_Records for this task_:
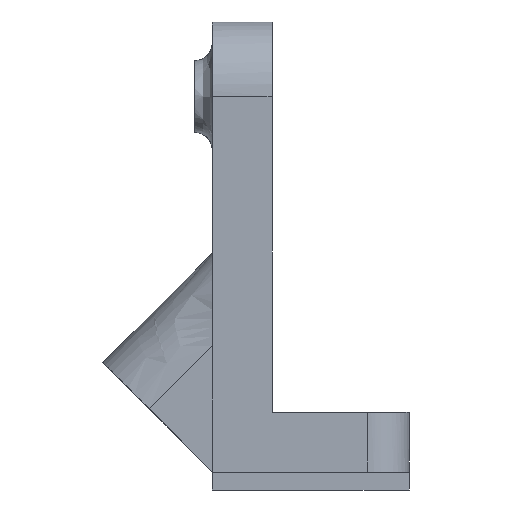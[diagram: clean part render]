
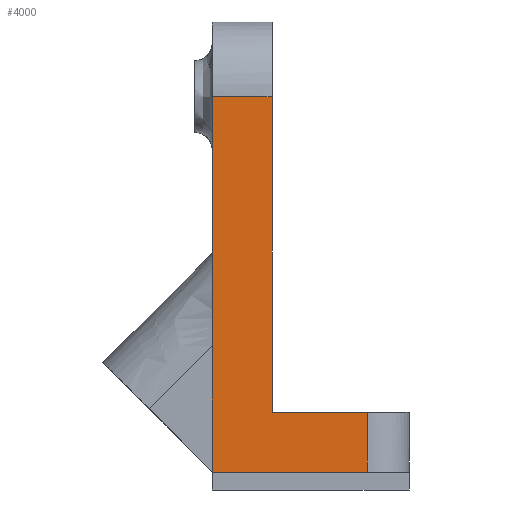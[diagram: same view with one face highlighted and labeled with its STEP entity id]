
A CAD part, left-side view. The second image highlights one B-rep face of the part: STEP entity #4000.
In plain terms, the highlighted free-form (B-spline) face has degree [1, 1] with [2, 2] control points.
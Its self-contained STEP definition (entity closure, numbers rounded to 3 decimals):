
#4000 = ADVANCED_FACE('',(#4001),#4045,.T.);
#4001 = FACE_BOUND('',#4002,.T.);
#4002 = EDGE_LOOP('',(#4003,#4012,#4019,#4026,#4033,#4040));
#4003 = ORIENTED_EDGE('',*,*,#4004,.T.);
#4004 = EDGE_CURVE('',#4005,#4007,#4009,.T.);
#4005 = VERTEX_POINT('',#4006);
#4006 = CARTESIAN_POINT('',(-49.823,0.,-197.983));
#4007 = VERTEX_POINT('',#4008);
#4008 = CARTESIAN_POINT('',(-49.823,-68.179,
    -197.983));
#4009 = B_SPLINE_CURVE_WITH_KNOTS('',1,(#4010,#4011),.UNSPECIFIED.,.F.,
  .F.,(2,2),(0.,52.),.PIECEWISE_BEZIER_KNOTS.);
#4010 = CARTESIAN_POINT('',(-49.823,0.,-197.983));
#4011 = CARTESIAN_POINT('',(-49.823,-68.179,
    -197.983));
#4012 = ORIENTED_EDGE('',*,*,#4013,.T.);
#4013 = EDGE_CURVE('',#4007,#4014,#4016,.T.);
#4014 = VERTEX_POINT('',#4015);
#4015 = CARTESIAN_POINT('',(-49.823,-68.179,
    -171.76));
#4016 = B_SPLINE_CURVE_WITH_KNOTS('',1,(#4017,#4018),.UNSPECIFIED.,.F.,
  .F.,(2,2),(0.,20.),.PIECEWISE_BEZIER_KNOTS.);
#4017 = CARTESIAN_POINT('',(-49.823,-68.179,
    -197.983));
#4018 = CARTESIAN_POINT('',(-49.823,-68.179,
    -171.76));
#4019 = ORIENTED_EDGE('',*,*,#4020,.T.);
#4020 = EDGE_CURVE('',#4014,#4021,#4023,.T.);
#4021 = VERTEX_POINT('',#4022);
#4022 = CARTESIAN_POINT('',(-49.823,-26.223,
    -171.76));
#4023 = B_SPLINE_CURVE_WITH_KNOTS('',1,(#4024,#4025),.UNSPECIFIED.,.F.,
  .F.,(2,2),(0.,32.),.PIECEWISE_BEZIER_KNOTS.);
#4024 = CARTESIAN_POINT('',(-49.823,-68.179,
    -171.76));
#4025 = CARTESIAN_POINT('',(-49.823,-26.223,
    -171.76));
#4026 = ORIENTED_EDGE('',*,*,#4027,.T.);
#4027 = EDGE_CURVE('',#4021,#4028,#4030,.T.);
#4028 = VERTEX_POINT('',#4029);
#4029 = CARTESIAN_POINT('',(-49.823,-26.223,
    -32.779));
#4030 = B_SPLINE_CURVE_WITH_KNOTS('',1,(#4031,#4032),.UNSPECIFIED.,.F.,
  .F.,(2,2),(0.,106.),.PIECEWISE_BEZIER_KNOTS.);
#4031 = CARTESIAN_POINT('',(-49.823,-26.223,
    -171.76));
#4032 = CARTESIAN_POINT('',(-49.823,-26.223,
    -32.779));
#4033 = ORIENTED_EDGE('',*,*,#4034,.T.);
#4034 = EDGE_CURVE('',#4028,#4035,#4037,.T.);
#4035 = VERTEX_POINT('',#4036);
#4036 = CARTESIAN_POINT('',(-49.823,0.,-32.779));
#4037 = B_SPLINE_CURVE_WITH_KNOTS('',1,(#4038,#4039),.UNSPECIFIED.,.F.,
  .F.,(2,2),(0.,20.),.PIECEWISE_BEZIER_KNOTS.);
#4038 = CARTESIAN_POINT('',(-49.823,-26.223,
    -32.779));
#4039 = CARTESIAN_POINT('',(-49.823,0.,-32.779));
#4040 = ORIENTED_EDGE('',*,*,#4041,.T.);
#4041 = EDGE_CURVE('',#4035,#4005,#4042,.T.);
#4042 = B_SPLINE_CURVE_WITH_KNOTS('',1,(#4043,#4044),.UNSPECIFIED.,.F.,
  .F.,(2,2),(0.,126.),.PIECEWISE_BEZIER_KNOTS.);
#4043 = CARTESIAN_POINT('',(-49.823,0.,-32.779));
#4044 = CARTESIAN_POINT('',(-49.823,0.,-197.983));
#4045 = B_SPLINE_SURFACE_WITH_KNOTS('',1,1,(
    (#4046,#4047)
    ,(#4048,#4049
    )),.UNSPECIFIED.,.F.,.F.,.F.,(2,2),(2,2),(0.,1.),(0.,1.),
  .PIECEWISE_BEZIER_KNOTS.);
#4046 = CARTESIAN_POINT('',(-49.823,-68.179,
    -197.983));
#4047 = CARTESIAN_POINT('',(-49.823,0.,-197.983));
#4048 = CARTESIAN_POINT('',(-49.823,-68.179,
    -32.779));
#4049 = CARTESIAN_POINT('',(-49.823,0.,-32.779));

_What you have to do_: An exact copy of the lines from the one with "#4041 = EDGE_CURVE('',#4035,#4005,#4042,.T.);" to the final line of the entries is all that the answer should hold.

_Answer area_:
#4041 = EDGE_CURVE('',#4035,#4005,#4042,.T.);
#4042 = B_SPLINE_CURVE_WITH_KNOTS('',1,(#4043,#4044),.UNSPECIFIED.,.F.,
  .F.,(2,2),(0.,126.),.PIECEWISE_BEZIER_KNOTS.);
#4043 = CARTESIAN_POINT('',(-49.823,0.,-32.779));
#4044 = CARTESIAN_POINT('',(-49.823,0.,-197.983));
#4045 = B_SPLINE_SURFACE_WITH_KNOTS('',1,1,(
    (#4046,#4047)
    ,(#4048,#4049
    )),.UNSPECIFIED.,.F.,.F.,.F.,(2,2),(2,2),(0.,1.),(0.,1.),
  .PIECEWISE_BEZIER_KNOTS.);
#4046 = CARTESIAN_POINT('',(-49.823,-68.179,
    -197.983));
#4047 = CARTESIAN_POINT('',(-49.823,0.,-197.983));
#4048 = CARTESIAN_POINT('',(-49.823,-68.179,
    -32.779));
#4049 = CARTESIAN_POINT('',(-49.823,0.,-32.779));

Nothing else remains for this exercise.